> [WORK TO BE COMPLETED]: In the data, extract each line that holds the string "place".
━━━━━━━━
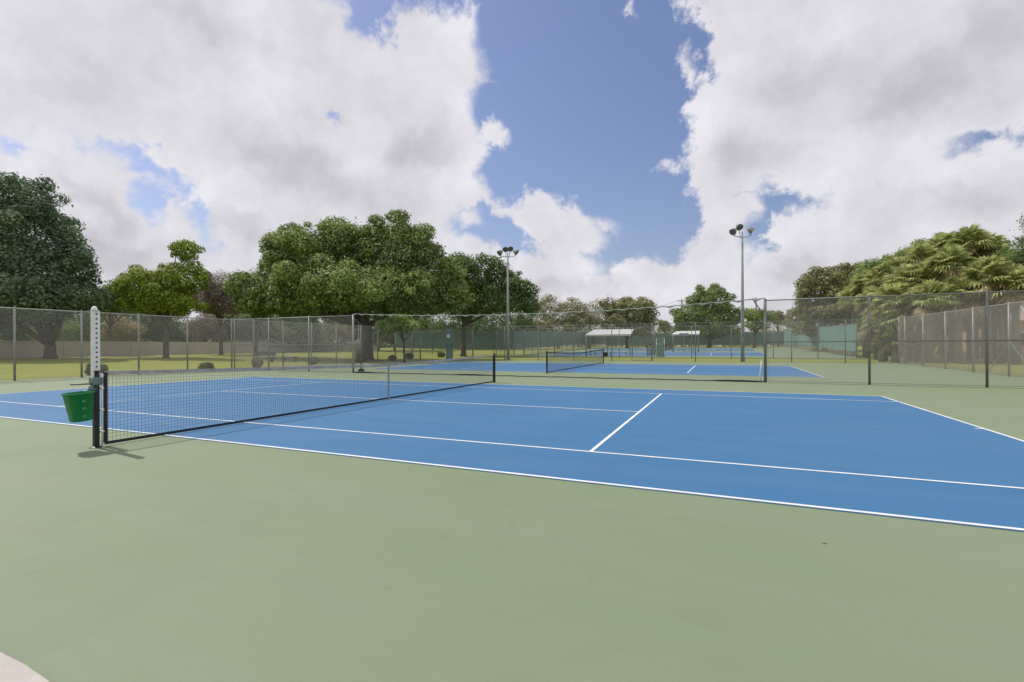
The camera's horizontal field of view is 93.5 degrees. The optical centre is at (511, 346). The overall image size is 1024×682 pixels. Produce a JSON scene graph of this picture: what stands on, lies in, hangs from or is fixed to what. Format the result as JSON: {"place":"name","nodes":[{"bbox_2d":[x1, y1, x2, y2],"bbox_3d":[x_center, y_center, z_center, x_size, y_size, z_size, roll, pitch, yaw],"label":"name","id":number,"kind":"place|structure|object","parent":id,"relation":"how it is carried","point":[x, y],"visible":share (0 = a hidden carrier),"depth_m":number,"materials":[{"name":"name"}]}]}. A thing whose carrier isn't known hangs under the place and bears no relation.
{"place":"outdoors","nodes":[
{"label":"outdoors","id":0,"kind":"place"},
{"bbox_2d":[0,652,49,681],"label":"walkway","id":1,"kind":"structure","parent":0,"point":[12,670],"depth_m":2.00,"materials":[{"name":"concrete"}]},
{"bbox_2d":[263,329,359,342],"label":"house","id":2,"kind":"structure","parent":0,"point":[328,336],"depth_m":98.00,"materials":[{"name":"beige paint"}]},
{"bbox_2d":[0,359,1023,681],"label":"court apron","id":3,"kind":"object","parent":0,"point":[162,559],"visible":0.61,"depth_m":2.97,"materials":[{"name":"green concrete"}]},
{"bbox_2d":[70,306,104,448],"bbox_3d":[-5.790,0.424,6.571,0.150,1.950,0.403,0,0,23],"label":"net post","id":4,"kind":"object","parent":3,"relation":"on","point":[95,378],"visible":1,"depth_m":6.64,"materials":[{"name":"white metal"}]},
{"bbox_2d":[61,385,97,422],"bbox_3d":[-5.800,0.777,6.495,0.298,0.451,0.356,0,4,27],"label":"ball bin","id":5,"kind":"object","parent":4,"relation":"hanging from","point":[79,405],"visible":0.99,"depth_m":6.39,"materials":[{"name":"green plastic"}]},
{"bbox_2d":[0,307,420,380],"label":"chain link fence","id":6,"kind":"object","parent":3,"relation":"on","point":[81,347],"visible":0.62,"depth_m":25.52,"materials":[{"name":"metal"}]},
{"bbox_2d":[233,314,353,372],"bbox_3d":[-12.689,-0.128,27.527,9.310,3.145,0.109,0,0,23],"label":"chain link fence","id":7,"kind":"object","parent":3,"relation":"on","point":[321,345],"visible":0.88,"depth_m":27.24,"materials":[{"name":"metal"}]},
{"bbox_2d":[354,318,363,370],"bbox_3d":[-8.522,-0.076,26.470,0.335,2.969,1.414,0,0,8],"label":"brace post","id":8,"kind":"object","parent":3,"relation":"on","point":[360,328],"visible":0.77,"depth_m":26.97,"materials":[{"name":"metal"}]},
{"bbox_2d":[0,377,1023,531],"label":"court surface","id":9,"kind":"object","parent":3,"relation":"on","point":[876,435],"visible":0.78,"depth_m":7.39,"materials":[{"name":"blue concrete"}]},
{"bbox_2d":[103,355,493,444],"bbox_3d":[-3.210,0.864,12.536,0.060,1.050,12.660,0,0,23],"label":"tennis net","id":10,"kind":"object","parent":9,"relation":"on","point":[106,379],"visible":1,"depth_m":8.61,"materials":[{"name":"black nylon netting"},{"name":"white vinyl band"},{"name":"steel cable"}]},
{"bbox_2d":[0,377,1023,529],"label":"court lines","id":11,"kind":"object","parent":9,"relation":"on","point":[608,436],"visible":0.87,"depth_m":5.90,"materials":[{"name":"paint"}]},
{"bbox_2d":[353,298,763,381],"bbox_3d":[0.474,-0.196,21.814,19.519,3.164,0.131,0,0,23],"label":"divider net","id":12,"kind":"object","parent":3,"relation":"on","point":[473,353],"visible":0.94,"depth_m":20.69,"materials":[{"name":"grey fabric"}]},
{"bbox_2d":[374,362,820,376],"bbox_3d":[4.378,1.314,29.956,23.800,0.058,11.000,0,0,23],"label":"court surface","id":13,"kind":"object","parent":3,"relation":"on","point":[729,370],"visible":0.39,"depth_m":28.03,"materials":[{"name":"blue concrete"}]},
{"bbox_2d":[547,349,602,372],"bbox_3d":[4.288,0.781,30.103,0.060,1.093,12.660,0,0,23],"label":"tennis net","id":14,"kind":"object","parent":13,"relation":"on","point":[591,352],"visible":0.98,"depth_m":28.23,"materials":[{"name":"grey fabric"}]},
{"bbox_2d":[373,362,821,376],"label":"court lines","id":15,"kind":"object","parent":13,"relation":"on","point":[625,373],"visible":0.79,"depth_m":26.99,"materials":[{"name":"paint"}]},
{"bbox_2d":[421,318,897,362],"bbox_3d":[8.531,-0.319,40.141,38.465,3.145,0.109,0,0,23],"label":"chain link fence","id":16,"kind":"object","parent":3,"relation":"on","point":[573,351],"visible":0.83,"depth_m":38.25,"materials":[{"name":"metal"}]},
{"bbox_2d":[446,329,452,358],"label":"gate","id":17,"kind":"structure","parent":16,"relation":"attached to","point":[449,344],"depth_m":46.35,"materials":[{"name":"green fabric"}]},
{"bbox_2d":[631,325,650,360],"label":"gate","id":18,"kind":"structure","parent":16,"relation":"attached to","point":[640,344],"depth_m":39.21,"materials":[{"name":"silver metal"}]},
{"bbox_2d":[752,298,763,380],"bbox_3d":[9.251,-0.238,18.108,0.377,3.171,0.079,0,0,23],"label":"brace post","id":19,"kind":"object","parent":3,"relation":"on","point":[761,361],"visible":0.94,"depth_m":18.05,"materials":[{"name":"metal"}]},
{"bbox_2d":[763,290,1023,386],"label":"chain link fence","id":20,"kind":"object","parent":3,"relation":"on","point":[986,359],"visible":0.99,"depth_m":16.41,"materials":[{"name":"metal"}]},
{"bbox_2d":[898,301,1023,376],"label":"chain link fence","id":21,"kind":"object","parent":3,"relation":"on","point":[973,332],"visible":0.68,"depth_m":23.85,"materials":[{"name":"metal"}]},
{"bbox_2d":[0,346,1023,380],"bbox_3d":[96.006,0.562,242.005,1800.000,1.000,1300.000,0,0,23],"label":"lawn","id":22,"kind":"structure","parent":0,"point":[164,361],"depth_m":40.67,"materials":[{"name":"green plant"}]},
{"bbox_2d":[0,324,35,340],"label":"shrub","id":23,"kind":"object","parent":22,"relation":"on","point":[22,337],"visible":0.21,"depth_m":61.36,"materials":[{"name":"green plant"}]},
{"bbox_2d":[26,320,79,340],"bbox_3d":[-57.200,-1.873,60.149,7.193,6.165,5.075,0,0,43],"label":"shrub","id":24,"kind":"object","parent":22,"relation":"on","point":[73,328],"visible":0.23,"depth_m":59.40,"materials":[{"name":"green plant"}]},
{"bbox_2d":[0,170,119,358],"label":"broadleaf tree","id":25,"kind":"object","parent":22,"relation":"on","point":[35,258],"visible":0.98,"depth_m":40.13,"materials":[{"name":"green plant"}]},
{"bbox_2d":[17,314,106,340],"bbox_3d":[-65.188,-2.984,65.427,19.969,8.434,12.168,0,0,23],"label":"shrub","id":26,"kind":"object","parent":22,"relation":"on","point":[84,335],"visible":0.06,"depth_m":64.66,"materials":[{"name":"green plant"}]},
{"bbox_2d":[84,362,108,375],"bbox_3d":[-20.587,1.164,23.908,1.018,0.784,1.031,0,0,23],"label":"round bush","id":27,"kind":"object","parent":22,"relation":"on","point":[89,368],"visible":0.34,"depth_m":23.72,"materials":[{"name":"green plant"}]},
{"bbox_2d":[89,283,138,340],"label":"broadleaf tree","id":28,"kind":"object","parent":22,"relation":"on","point":[125,310],"visible":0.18,"depth_m":51.83,"materials":[{"name":"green plant"}]},
{"bbox_2d":[100,315,148,341],"bbox_3d":[-49.997,-1.718,62.080,6.337,5.775,3.623,0,0,4],"label":"shrub","id":29,"kind":"object","parent":22,"relation":"on","point":[134,335],"visible":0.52,"depth_m":61.44,"materials":[{"name":"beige plant"}]},
{"bbox_2d":[73,304,201,341],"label":"shrub","id":30,"kind":"object","parent":22,"relation":"on","point":[182,338],"visible":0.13,"depth_m":66.93,"materials":[{"name":"green plant"}]},
{"bbox_2d":[100,238,212,357],"bbox_3d":[-33.758,-4.481,45.994,9.915,11.405,7.307,0,0,23],"label":"broadleaf tree","id":31,"kind":"object","parent":22,"relation":"on","point":[166,290],"visible":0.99,"depth_m":44.69,"materials":[{"name":"green plant"}]},
{"bbox_2d":[135,313,184,341],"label":"shrub","id":32,"kind":"object","parent":22,"relation":"on","point":[157,338],"visible":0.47,"depth_m":65.07,"materials":[{"name":"green plant"}]},
{"bbox_2d":[0,341,379,357],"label":"boundary wall","id":33,"kind":"structure","parent":22,"relation":"on","point":[198,346],"depth_m":53.52,"materials":[{"name":"paint"}]},
{"bbox_2d":[181,313,227,341],"bbox_3d":[-42.579,-1.847,66.172,7.041,5.920,5.402,0,0,43],"label":"shrub","id":34,"kind":"object","parent":22,"relation":"on","point":[191,331],"visible":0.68,"depth_m":64.85,"materials":[{"name":"green plant"}]},
{"bbox_2d":[197,362,214,368],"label":"round bush","id":35,"kind":"object","parent":22,"relation":"on","point":[206,365],"visible":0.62,"depth_m":28.85,"materials":[{"name":"green plant"}]},
{"bbox_2d":[2,359,414,380],"bbox_3d":[-18.125,1.408,27.865,0.449,0.164,44.300,0,0,23],"label":"fence edging","id":36,"kind":"object","parent":22,"relation":"on","point":[135,374],"visible":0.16,"depth_m":23.04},
{"bbox_2d":[189,269,245,354],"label":"bare twiggy tree","id":37,"kind":"object","parent":22,"relation":"on","point":[215,299],"visible":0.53,"depth_m":55.91,"materials":[{"name":"brown plant"}]},
{"bbox_2d":[218,315,264,341],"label":"shrub","id":38,"kind":"object","parent":22,"relation":"on","point":[228,328],"visible":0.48,"depth_m":67.12,"materials":[{"name":"green plant"}]},
{"bbox_2d":[251,356,263,367],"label":"round bush","id":39,"kind":"object","parent":22,"relation":"on","point":[261,362],"visible":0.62,"depth_m":32.32,"materials":[{"name":"green plant"}]},
{"bbox_2d":[254,351,275,361],"bbox_3d":[-21.080,0.897,41.050,1.700,0.900,0.600,0,0,0],"label":"bench","id":40,"kind":"object","parent":22,"relation":"on","point":[258,354],"visible":0.46,"depth_m":41.26,"materials":[{"name":"grey metal"}]},
{"bbox_2d":[231,291,303,355],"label":"broadleaf tree","id":41,"kind":"object","parent":22,"relation":"on","point":[255,321],"visible":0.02,"depth_m":51.77,"materials":[{"name":"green plant"}]},
{"bbox_2d":[257,317,296,341],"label":"shrub","id":42,"kind":"object","parent":22,"relation":"on","point":[279,332],"visible":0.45,"depth_m":69.19,"materials":[{"name":"green plant"}]},
{"bbox_2d":[223,312,339,350],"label":"shrub","id":43,"kind":"object","parent":22,"relation":"on","point":[302,329],"visible":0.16,"depth_m":71.73,"materials":[{"name":"green plant"}]},
{"bbox_2d":[284,318,321,338],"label":"shrub","id":44,"kind":"object","parent":22,"relation":"on","point":[307,330],"visible":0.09,"depth_m":75.17,"materials":[{"name":"green plant"}]},
{"bbox_2d":[319,320,359,350],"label":"shrub","id":45,"kind":"object","parent":22,"relation":"on","point":[344,330],"visible":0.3,"depth_m":76.93,"materials":[{"name":"green plant"}]},
{"bbox_2d":[220,209,474,359],"bbox_3d":[-16.957,-6.123,47.554,24.239,15.154,14.356,0,0,23],"label":"ficus tree","id":46,"kind":"object","parent":22,"relation":"on","point":[298,267],"visible":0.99,"depth_m":45.88,"materials":[{"name":"green plant"}]},
{"bbox_2d":[354,350,366,361],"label":"round bush","id":47,"kind":"object","parent":22,"relation":"on","point":[356,357],"visible":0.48,"depth_m":41.73,"materials":[{"name":"green plant"}]},
{"bbox_2d":[323,308,445,350],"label":"shrub","id":48,"kind":"object","parent":22,"relation":"on","point":[425,320],"visible":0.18,"depth_m":78.11,"materials":[{"name":"green plant"}]},
{"bbox_2d":[374,313,422,362],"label":"broadleaf tree","id":49,"kind":"object","parent":22,"relation":"on","point":[396,325],"visible":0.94,"depth_m":38.68,"materials":[{"name":"green plant"}]},
{"bbox_2d":[422,317,460,331],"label":"shrub","id":50,"kind":"object","parent":22,"relation":"on","point":[449,326],"visible":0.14,"depth_m":87.08,"materials":[{"name":"green plant"}]},
{"bbox_2d":[396,330,513,354],"bbox_3d":[-7.909,-0.496,62.513,17.800,3.325,0.129,0,0,23],"label":"chain link fence","id":51,"kind":"object","parent":22,"relation":"on","point":[441,345],"visible":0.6,"depth_m":62.03,"materials":[{"name":"metal"}]},
{"bbox_2d":[458,317,500,331],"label":"shrub","id":52,"kind":"object","parent":22,"relation":"on","point":[482,326],"visible":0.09,"depth_m":90.75,"materials":[{"name":"green plant"}]},
{"bbox_2d":[431,307,543,331],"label":"shrub","id":53,"kind":"object","parent":22,"relation":"on","point":[520,316],"visible":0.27,"depth_m":87.20,"materials":[{"name":"green plant"}]},
{"bbox_2d":[435,251,540,356],"bbox_3d":[-3.149,-5.155,58.218,13.195,12.967,9.557,0,0,23],"label":"broadleaf tree","id":54,"kind":"object","parent":22,"relation":"on","point":[487,287],"visible":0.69,"depth_m":56.55,"materials":[{"name":"green plant"}]},
{"bbox_2d":[497,246,518,358],"bbox_3d":[-0.387,-4.120,45.299,2.082,10.757,1.055,0,0,-8],"label":"lamp post","id":55,"kind":"object","parent":22,"relation":"on","point":[506,249],"visible":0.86,"depth_m":44.99,"materials":[{"name":"metal"}]},
{"bbox_2d":[136,324,937,347],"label":"distant wood","id":56,"kind":"object","parent":22,"relation":"on","point":[858,339],"depth_m":157.32,"materials":[{"name":"green plant"}]},
{"bbox_2d":[514,294,602,348],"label":"broadleaf tree","id":57,"kind":"object","parent":22,"relation":"on","point":[551,309],"visible":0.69,"depth_m":89.96,"materials":[{"name":"green plant"}]},
{"bbox_2d":[514,330,604,354],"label":"chain link fence","id":58,"kind":"object","parent":22,"relation":"on","point":[569,334],"visible":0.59,"depth_m":72.78,"materials":[{"name":"metal"}]},
{"bbox_2d":[562,298,617,347],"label":"broadleaf tree","id":59,"kind":"object","parent":22,"relation":"on","point":[594,309],"visible":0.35,"depth_m":93.76,"materials":[{"name":"green plant"}]},
{"bbox_2d":[585,329,633,355],"bbox_3d":[10.709,-0.366,52.927,5.046,3.060,2.046,0,0,23],"label":"shelter","id":60,"kind":"object","parent":22,"relation":"on","point":[597,332],"visible":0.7,"depth_m":52.85,"materials":[{"name":"white metal"}]},
{"bbox_2d":[598,295,659,347],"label":"broadleaf tree","id":61,"kind":"object","parent":22,"relation":"on","point":[626,302],"visible":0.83,"depth_m":88.05,"materials":[{"name":"green plant"}]},
{"bbox_2d":[657,320,671,332],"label":"broadleaf tree","id":62,"kind":"object","parent":22,"relation":"on","point":[665,328],"visible":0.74,"depth_m":124.70,"materials":[{"name":"green plant"}]},
{"bbox_2d":[496,323,865,358],"bbox_3d":[14.053,-0.418,47.559,34.585,3.145,0.081,0,0,23],"label":"chain link fence","id":63,"kind":"object","parent":22,"relation":"on","point":[524,337],"visible":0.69,"depth_m":46.30,"materials":[{"name":"metal"}]},
{"bbox_2d":[656,338,664,356],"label":"gate","id":64,"kind":"structure","parent":63,"relation":"attached to","point":[659,342],"depth_m":47.23,"materials":[{"name":"fabric"}]},
{"bbox_2d":[671,331,699,351],"bbox_3d":[23.312,-0.631,64.691,3.546,2.880,1.646,0,0,23],"label":"shelter","id":65,"kind":"object","parent":22,"relation":"on","point":[678,332],"visible":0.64,"depth_m":64.70,"materials":[{"name":"white metal"}]},
{"bbox_2d":[605,331,783,346],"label":"chain link fence","id":66,"kind":"object","parent":22,"relation":"on","point":[615,340],"visible":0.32,"depth_m":97.97,"materials":[{"name":"metal"}]},
{"bbox_2d":[669,283,748,347],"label":"broadleaf tree","id":67,"kind":"object","parent":22,"relation":"on","point":[702,295],"visible":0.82,"depth_m":90.09,"materials":[{"name":"green plant"}]},
{"bbox_2d":[729,224,754,360],"bbox_3d":[17.784,-4.214,37.459,2.082,10.811,1.091,0,0,-8],"label":"lamp post","id":68,"kind":"object","parent":22,"relation":"on","point":[733,231],"visible":0.85,"depth_m":37.13,"materials":[{"name":"metal"}]},
{"bbox_2d":[744,308,778,347],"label":"broadleaf tree","id":69,"kind":"object","parent":22,"relation":"on","point":[754,313],"visible":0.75,"depth_m":79.47,"materials":[{"name":"green plant"}]},
{"bbox_2d":[772,310,789,331],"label":"broadleaf tree","id":70,"kind":"object","parent":22,"relation":"on","point":[778,314],"visible":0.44,"depth_m":99.11,"materials":[{"name":"green plant"}]},
{"bbox_2d":[781,261,874,350],"bbox_3d":[42.415,-5.128,61.738,14.602,11.731,8.956,0,0,5],"label":"broadleaf tree","id":71,"kind":"object","parent":22,"relation":"on","point":[814,285],"visible":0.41,"depth_m":60.86,"materials":[{"name":"green plant"}]},
{"bbox_2d":[836,285,861,355],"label":"fan palm","id":72,"kind":"object","parent":22,"relation":"on","point":[843,293],"visible":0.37,"depth_m":47.71,"materials":[{"name":"green plant"}]},
{"bbox_2d":[847,270,877,356],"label":"fan palm","id":73,"kind":"object","parent":22,"relation":"on","point":[855,283],"visible":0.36,"depth_m":45.92,"materials":[{"name":"green plant"}]},
{"bbox_2d":[851,285,892,359],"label":"fan palm","id":74,"kind":"object","parent":22,"relation":"on","point":[870,290],"visible":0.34,"depth_m":40.10,"materials":[{"name":"green plant"}]},
{"bbox_2d":[857,263,899,321],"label":"fan palm","id":75,"kind":"object","parent":22,"relation":"on","point":[880,271],"visible":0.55,"depth_m":41.90,"materials":[{"name":"green plant"}]},
{"bbox_2d":[866,329,890,360],"bbox_3d":[29.573,-0.189,37.947,2.440,2.878,2.886,0,0,-34],"label":"shrub","id":76,"kind":"object","parent":22,"relation":"on","point":[875,351],"visible":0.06,"depth_m":37.88,"materials":[{"name":"green plant"}]},
{"bbox_2d":[857,304,910,361],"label":"fan palm","id":77,"kind":"object","parent":22,"relation":"on","point":[865,330],"visible":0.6,"depth_m":35.69,"materials":[{"name":"green plant"}]},
{"bbox_2d":[876,256,905,356],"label":"fan palm","id":78,"kind":"object","parent":22,"relation":"on","point":[894,261],"visible":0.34,"depth_m":43.78,"materials":[{"name":"green plant"}]},
{"bbox_2d":[875,327,909,362],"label":"fan palm","id":79,"kind":"object","parent":22,"relation":"on","point":[892,343],"visible":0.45,"depth_m":34.94,"materials":[{"name":"green plant"}]},
{"bbox_2d":[867,281,922,354],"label":"fan palm","id":80,"kind":"object","parent":22,"relation":"on","point":[896,288],"visible":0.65,"depth_m":35.41,"materials":[{"name":"green plant"}]},
{"bbox_2d":[881,264,926,360],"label":"fan palm","id":81,"kind":"object","parent":22,"relation":"on","point":[899,273],"visible":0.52,"depth_m":37.96,"materials":[{"name":"green plant"}]},
{"bbox_2d":[888,328,941,361],"bbox_3d":[29.228,-0.008,35.078,3.550,2.568,2.031,0,0,23],"label":"shrub","id":82,"kind":"object","parent":22,"relation":"on","point":[920,338],"visible":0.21,"depth_m":34.57,"materials":[{"name":"green plant"}]},
{"bbox_2d":[899,242,938,358],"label":"fan palm","id":83,"kind":"object","parent":22,"relation":"on","point":[924,250],"visible":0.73,"depth_m":39.66,"materials":[{"name":"green plant"}]},
{"bbox_2d":[900,259,948,300],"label":"fan palm","id":84,"kind":"object","parent":22,"relation":"on","point":[921,268],"visible":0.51,"depth_m":36.89,"materials":[{"name":"green plant"}]},
{"bbox_2d":[903,279,957,362],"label":"fan palm","id":85,"kind":"object","parent":22,"relation":"on","point":[930,287],"visible":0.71,"depth_m":33.67,"materials":[{"name":"green plant"}]},
{"bbox_2d":[851,238,1016,352],"bbox_3d":[44.338,-5.245,49.897,17.698,12.322,9.527,0,0,-3],"label":"broadleaf tree","id":86,"kind":"object","parent":22,"relation":"on","point":[875,262],"visible":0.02,"depth_m":49.48,"materials":[{"name":"green plant"}]},
{"bbox_2d":[925,230,954,357],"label":"fan palm","id":87,"kind":"object","parent":22,"relation":"on","point":[937,239],"visible":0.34,"depth_m":41.65,"materials":[{"name":"green plant"}]},
{"bbox_2d":[901,309,996,360],"bbox_3d":[32.538,-0.977,36.069,6.692,4.443,3.601,0,0,23],"label":"shrub","id":88,"kind":"object","parent":22,"relation":"on","point":[954,323],"visible":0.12,"depth_m":35.37,"materials":[{"name":"green plant"}]},
{"bbox_2d":[925,245,975,360],"bbox_3d":[33.001,-3.166,36.246,3.430,8.818,3.290,0,0,23],"label":"fan palm","id":89,"kind":"object","parent":22,"relation":"on","point":[954,257],"visible":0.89,"depth_m":35.65,"materials":[{"name":"green plant"}]},
{"bbox_2d":[931,274,992,362],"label":"fan palm","id":90,"kind":"object","parent":22,"relation":"on","point":[956,284],"visible":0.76,"depth_m":32.51,"materials":[{"name":"green plant"}]},
{"bbox_2d":[942,222,999,357],"bbox_3d":[36.293,-4.289,38.208,3.490,10.988,3.153,0,0,23],"label":"fan palm","id":91,"kind":"object","parent":22,"relation":"on","point":[976,234],"visible":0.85,"depth_m":37.75,"materials":[{"name":"green plant"}]},
{"bbox_2d":[958,246,992,359],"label":"fan palm","id":92,"kind":"object","parent":22,"relation":"on","point":[986,253],"visible":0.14,"depth_m":38.13,"materials":[{"name":"green plant"}]},
{"bbox_2d":[957,265,993,360],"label":"fan palm","id":93,"kind":"object","parent":22,"relation":"on","point":[981,277],"visible":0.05,"depth_m":35.89,"materials":[{"name":"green plant"}]},
{"bbox_2d":[958,255,1011,363],"bbox_3d":[31.740,-2.416,32.120,3.334,7.401,3.466,0,0,23],"label":"fan palm","id":94,"kind":"object","parent":22,"relation":"on","point":[988,266],"visible":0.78,"depth_m":31.70,"materials":[{"name":"green plant"}]},
{"bbox_2d":[977,242,1009,358],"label":"fan palm","id":95,"kind":"object","parent":22,"relation":"on","point":[998,248],"visible":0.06,"depth_m":37.86,"materials":[{"name":"green plant"}]},
{"bbox_2d":[980,231,1007,358],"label":"fan palm","id":96,"kind":"object","parent":22,"relation":"on","point":[1000,237],"visible":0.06,"depth_m":39.45,"materials":[{"name":"green plant"}]},
{"bbox_2d":[976,279,1023,362],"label":"fan palm","id":97,"kind":"object","parent":22,"relation":"on","point":[999,307],"visible":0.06,"depth_m":32.90,"materials":[{"name":"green plant"}]},
{"bbox_2d":[988,261,1023,364],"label":"fan palm","id":98,"kind":"object","parent":22,"relation":"on","point":[1014,279],"visible":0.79,"depth_m":30.86,"materials":[{"name":"green plant"}]},
{"bbox_2d":[989,247,1023,359],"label":"fan palm","id":99,"kind":"object","parent":22,"relation":"on","point":[1006,319],"visible":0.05,"depth_m":35.92,"materials":[{"name":"green plant"}]},
{"bbox_2d":[996,213,1023,305],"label":"broadleaf tree","id":100,"kind":"object","parent":22,"relation":"on","point":[1014,254],"visible":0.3,"depth_m":34.67,"materials":[{"name":"green plant"}]},
{"bbox_2d":[0,0,1023,345],"label":"sky","id":101,"kind":"structure","parent":0,"point":[618,146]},
{"bbox_2d":[502,347,861,358],"bbox_3d":[25.256,0.717,73.332,34.400,0.867,55.800,0,0,23],"label":"court apron","id":102,"kind":"object","parent":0,"point":[807,354],"visible":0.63,"depth_m":55.12,"materials":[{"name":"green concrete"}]},
{"bbox_2d":[553,352,767,355],"bbox_3d":[17.264,0.927,58.375,23.800,0.223,11.000,0,0,23],"label":"court surface","id":103,"kind":"object","parent":102,"relation":"on","point":[680,354],"visible":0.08,"depth_m":57.51,"materials":[{"name":"blue paint"}]},
{"bbox_2d":[589,349,753,350],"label":"court surface","id":104,"kind":"object","parent":102,"relation":"on","point":[677,349],"visible":0.61,"depth_m":72.67,"materials":[{"name":"blue paint"}]},
{"bbox_2d":[784,323,856,357],"bbox_3d":[41.582,-0.944,67.787,0.131,3.915,53.095,0,0,23],"label":"chain link fence","id":105,"kind":"object","parent":102,"relation":"on","point":[799,336],"visible":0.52,"depth_m":53.48,"materials":[{"name":"metal"}]},
{"bbox_2d":[946,312,1023,351],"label":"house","id":106,"kind":"structure","parent":0,"point":[964,338],"depth_m":52.00,"materials":[{"name":"beige paint"}]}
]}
━━━━━━━━
> [WRITTEN REPLY]:
The camera's horizontal field of view is 93.5 degrees. The optical centre is at (511, 346). The overall image size is 1024×682 pixels. Produce a JSON scene graph of this picture: what stands on, lies in, hangs from or is fixed to what. Format the result as JSON: {"place":"name","nodes":[{"bbox_2d":[x1, y1, x2, y2],"bbox_3d":[x_center, y_center, z_center, x_size, y_size, z_size, roll, pitch, yaw],"label":"name","id":number,"kind":"place|structure|object","parent":id,"relation":"how it is carried","point":[x, y],"visible":share (0 = a hidden carrier),"depth_m":number,"materials":[{"name":"name"}]}]}. A thing whose carrier isn't known hangs under the place and bears no relation.
{"place":"outdoors","nodes":[
{"label":"outdoors","id":0,"kind":"place"},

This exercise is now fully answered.